ACTIVITY>
In the listing below, start your output at the line with "The image shows" and end it after the line with "The tracking jumps", copying every line exactly.

GIVEN DATA>
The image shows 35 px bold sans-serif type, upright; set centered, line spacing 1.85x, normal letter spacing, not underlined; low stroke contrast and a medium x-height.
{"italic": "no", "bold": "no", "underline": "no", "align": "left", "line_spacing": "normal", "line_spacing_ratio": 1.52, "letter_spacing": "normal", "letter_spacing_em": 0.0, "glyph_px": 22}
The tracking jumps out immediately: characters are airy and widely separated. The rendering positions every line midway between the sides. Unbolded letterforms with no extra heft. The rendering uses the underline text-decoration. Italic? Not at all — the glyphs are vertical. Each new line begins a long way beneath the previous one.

--

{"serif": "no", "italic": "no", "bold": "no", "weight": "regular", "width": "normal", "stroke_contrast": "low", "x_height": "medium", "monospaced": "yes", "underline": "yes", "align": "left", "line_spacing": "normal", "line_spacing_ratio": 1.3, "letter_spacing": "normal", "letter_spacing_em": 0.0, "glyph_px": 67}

RESPONSE TO THE TASK>
The image shows 35 px bold sans-serif type, upright; set centered, line spacing 1.85x, normal letter spacing, not underlined; low stroke contrast and a medium x-height.
{"italic": "no", "bold": "no", "underline": "no", "align": "left", "line_spacing": "normal", "line_spacing_ratio": 1.52, "letter_spacing": "normal", "letter_spacing_em": 0.0, "glyph_px": 22}
The tracking jumps out immediately: characters are airy and widely separated. The rendering positions every line midway between the sides. Unbolded letterforms with no extra heft. The rendering uses the underline text-decoration. Italic? Not at all — the glyphs are vertical. Each new line begins a long way beneath the previous one.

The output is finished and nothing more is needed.